The state of cloud in Hong Kong: F5 Networks interview

Nurdianah Md Nur

Charles Chong of f5 networks
Charles Chong, regional solution architect of Asia Pacific & Japan at F5 Networks

Despite the known benefits of the cloud, there is still some resistance to it. Charles Chong, regional solution architect of Asia Pacific & Japan at F5 Networks, shares with Computerworld Singapore the barriers to cloud adoption and provides advice on how enterprises should overcome them.

Q: Much has been discussed about cloud in 2013 and more vendors are including related services in their portfolio. Is it right to say that enterprises, especially in Hong Kong, are no longer worried about moving to the cloud?
Chong: Yes and no. The real answer is that enterprises in Hong Kong are less worried about moving to the cloud. However, misconceptions, fear of losing control and security concerns continue make the cloud story murky.

What is evident is that enterprises understand the initial benefits of clouds: better business agility, improved operational efficiency and increased cost savings. However, they continue to be cautious. One of the biggest concerns is security, which also remains one of the biggest misconceptions.

The truth is that security needs to be rethought for cloud. Protecting an internal infrastructure behind layers of firewalls is no longer sensible. Enterprises need to have a hard look at their current infrastructure before migrating to the cloud. Security also needs to be relooked from an application-centric perspective. For example, Web Application Firewalls can help to protect Web services in ways traditional firewalls can't. In addition, using solutions like F5 BIG-IP Application Security Manager ensures applications are protected and optimised for on-premise and cloud infrastructure. Service providers are motivated to offer the best security too as their own business and reputation is at stake. Thus, they often employ dedicated professionals and invest in specific tools that enterprises do not have to invest in.

Lastly, clouds transform a company's infrastructure to become more application-centric. That means multi-layered attacks should be considered when designing a cloud infrastructure or subscribing to a cloud service. A simple distributed denial-of-service  (DDoS) attack can essentially bring your organisation to the knees.

Essentially, many of these fears stem from the fear of losing control. Cloud service providers can bolster security by offering global knowledge, best practices, and expertise whenever needed. By leaving administration in the hands of the experts, enterprises can refocus their IT teams on core or value-driving activities.   

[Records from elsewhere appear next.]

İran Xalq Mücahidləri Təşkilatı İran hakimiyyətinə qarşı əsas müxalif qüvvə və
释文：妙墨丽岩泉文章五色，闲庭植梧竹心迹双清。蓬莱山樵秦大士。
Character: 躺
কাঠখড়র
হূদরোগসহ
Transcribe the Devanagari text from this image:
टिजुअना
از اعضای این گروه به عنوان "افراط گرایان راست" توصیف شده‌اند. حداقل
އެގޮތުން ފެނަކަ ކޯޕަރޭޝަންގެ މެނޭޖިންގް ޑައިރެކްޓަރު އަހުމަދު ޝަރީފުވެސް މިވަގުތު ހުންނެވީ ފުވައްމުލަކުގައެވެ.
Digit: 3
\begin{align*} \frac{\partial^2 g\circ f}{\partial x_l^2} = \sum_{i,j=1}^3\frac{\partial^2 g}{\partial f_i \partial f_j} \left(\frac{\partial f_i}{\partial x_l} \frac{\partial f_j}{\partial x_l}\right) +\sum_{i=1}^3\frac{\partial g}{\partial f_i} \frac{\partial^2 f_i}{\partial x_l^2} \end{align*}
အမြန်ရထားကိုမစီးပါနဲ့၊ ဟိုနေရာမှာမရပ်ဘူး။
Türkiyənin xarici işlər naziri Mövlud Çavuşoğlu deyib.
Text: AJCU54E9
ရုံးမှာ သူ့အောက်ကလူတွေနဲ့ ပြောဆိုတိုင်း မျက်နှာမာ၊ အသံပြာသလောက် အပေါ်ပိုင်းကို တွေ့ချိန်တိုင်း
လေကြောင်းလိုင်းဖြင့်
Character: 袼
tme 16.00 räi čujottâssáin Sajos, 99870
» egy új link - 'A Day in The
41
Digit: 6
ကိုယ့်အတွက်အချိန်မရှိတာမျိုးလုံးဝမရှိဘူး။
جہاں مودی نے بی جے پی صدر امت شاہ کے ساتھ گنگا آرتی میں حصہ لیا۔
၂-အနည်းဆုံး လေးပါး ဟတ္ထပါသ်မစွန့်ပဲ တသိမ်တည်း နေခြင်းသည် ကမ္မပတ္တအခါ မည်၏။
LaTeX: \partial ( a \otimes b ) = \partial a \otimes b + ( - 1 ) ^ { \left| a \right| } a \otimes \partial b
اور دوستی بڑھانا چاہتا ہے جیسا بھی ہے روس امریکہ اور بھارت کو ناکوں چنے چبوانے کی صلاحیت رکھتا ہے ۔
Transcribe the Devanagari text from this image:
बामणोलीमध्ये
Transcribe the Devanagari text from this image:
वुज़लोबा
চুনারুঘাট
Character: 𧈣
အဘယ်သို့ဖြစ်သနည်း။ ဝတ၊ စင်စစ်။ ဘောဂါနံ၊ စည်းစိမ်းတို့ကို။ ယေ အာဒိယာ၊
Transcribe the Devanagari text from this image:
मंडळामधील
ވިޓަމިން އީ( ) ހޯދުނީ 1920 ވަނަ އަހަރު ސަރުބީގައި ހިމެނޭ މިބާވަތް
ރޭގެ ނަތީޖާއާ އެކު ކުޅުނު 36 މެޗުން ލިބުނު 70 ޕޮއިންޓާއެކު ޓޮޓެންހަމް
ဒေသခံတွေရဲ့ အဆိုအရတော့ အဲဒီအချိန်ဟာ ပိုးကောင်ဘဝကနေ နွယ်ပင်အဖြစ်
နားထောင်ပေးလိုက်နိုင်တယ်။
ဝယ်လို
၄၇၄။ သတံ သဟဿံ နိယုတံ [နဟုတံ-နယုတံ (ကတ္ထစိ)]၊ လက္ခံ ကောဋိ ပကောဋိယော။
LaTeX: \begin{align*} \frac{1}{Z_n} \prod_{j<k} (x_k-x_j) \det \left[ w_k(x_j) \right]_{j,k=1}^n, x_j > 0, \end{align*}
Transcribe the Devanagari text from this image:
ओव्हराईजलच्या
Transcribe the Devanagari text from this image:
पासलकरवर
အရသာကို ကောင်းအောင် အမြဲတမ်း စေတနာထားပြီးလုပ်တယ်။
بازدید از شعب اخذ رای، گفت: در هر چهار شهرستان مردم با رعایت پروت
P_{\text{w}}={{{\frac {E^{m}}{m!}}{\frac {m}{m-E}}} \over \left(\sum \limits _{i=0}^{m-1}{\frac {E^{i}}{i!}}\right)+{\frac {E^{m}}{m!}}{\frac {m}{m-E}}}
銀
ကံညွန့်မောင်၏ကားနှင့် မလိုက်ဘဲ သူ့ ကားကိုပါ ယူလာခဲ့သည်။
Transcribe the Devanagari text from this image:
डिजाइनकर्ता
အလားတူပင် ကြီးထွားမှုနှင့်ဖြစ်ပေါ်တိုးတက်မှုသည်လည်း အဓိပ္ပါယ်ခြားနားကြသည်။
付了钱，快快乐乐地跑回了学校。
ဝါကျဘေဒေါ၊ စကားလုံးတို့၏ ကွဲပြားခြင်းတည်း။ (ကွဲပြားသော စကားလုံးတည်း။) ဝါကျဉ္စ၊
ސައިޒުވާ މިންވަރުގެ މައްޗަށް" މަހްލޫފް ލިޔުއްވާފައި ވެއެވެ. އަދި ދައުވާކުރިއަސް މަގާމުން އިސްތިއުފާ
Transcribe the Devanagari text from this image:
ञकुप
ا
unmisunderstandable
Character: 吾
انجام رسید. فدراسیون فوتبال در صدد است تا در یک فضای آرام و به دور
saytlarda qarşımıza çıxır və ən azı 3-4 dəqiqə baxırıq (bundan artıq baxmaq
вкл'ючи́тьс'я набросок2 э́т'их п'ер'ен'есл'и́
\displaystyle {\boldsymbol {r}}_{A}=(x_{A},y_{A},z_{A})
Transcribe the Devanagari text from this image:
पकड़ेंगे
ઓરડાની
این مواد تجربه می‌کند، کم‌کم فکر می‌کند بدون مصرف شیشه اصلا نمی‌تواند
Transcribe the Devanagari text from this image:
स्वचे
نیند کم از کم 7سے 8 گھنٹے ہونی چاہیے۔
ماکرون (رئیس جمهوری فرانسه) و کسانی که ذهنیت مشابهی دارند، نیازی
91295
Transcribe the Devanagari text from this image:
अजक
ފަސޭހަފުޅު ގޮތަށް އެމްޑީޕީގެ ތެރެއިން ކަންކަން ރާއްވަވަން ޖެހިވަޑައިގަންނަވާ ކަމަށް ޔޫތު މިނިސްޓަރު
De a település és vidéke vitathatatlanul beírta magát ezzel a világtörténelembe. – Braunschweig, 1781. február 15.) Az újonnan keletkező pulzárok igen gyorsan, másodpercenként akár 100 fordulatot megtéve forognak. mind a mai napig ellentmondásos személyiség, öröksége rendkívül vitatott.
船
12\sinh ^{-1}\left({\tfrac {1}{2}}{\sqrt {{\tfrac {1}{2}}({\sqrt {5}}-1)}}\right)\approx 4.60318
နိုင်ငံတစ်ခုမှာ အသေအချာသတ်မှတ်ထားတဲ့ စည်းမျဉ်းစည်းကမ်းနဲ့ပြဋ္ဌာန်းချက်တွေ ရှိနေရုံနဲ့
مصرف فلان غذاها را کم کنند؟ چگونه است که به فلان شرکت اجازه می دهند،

Many enterprises in Hong Kong and Asia are already addressing these concerns and going past popular misconceptions. This is why IDC predicts Asia Pacific, along with Western Europe and Latin America will increase their share of the IT Cloud services market, while the largest public IT cloud services market, the U.S., will see its share decline from 56.9 percent in 2013 to 43.9 percent in 2017. But it will be a while before cloud adoption numbers in Asia reach those seen in the U.S.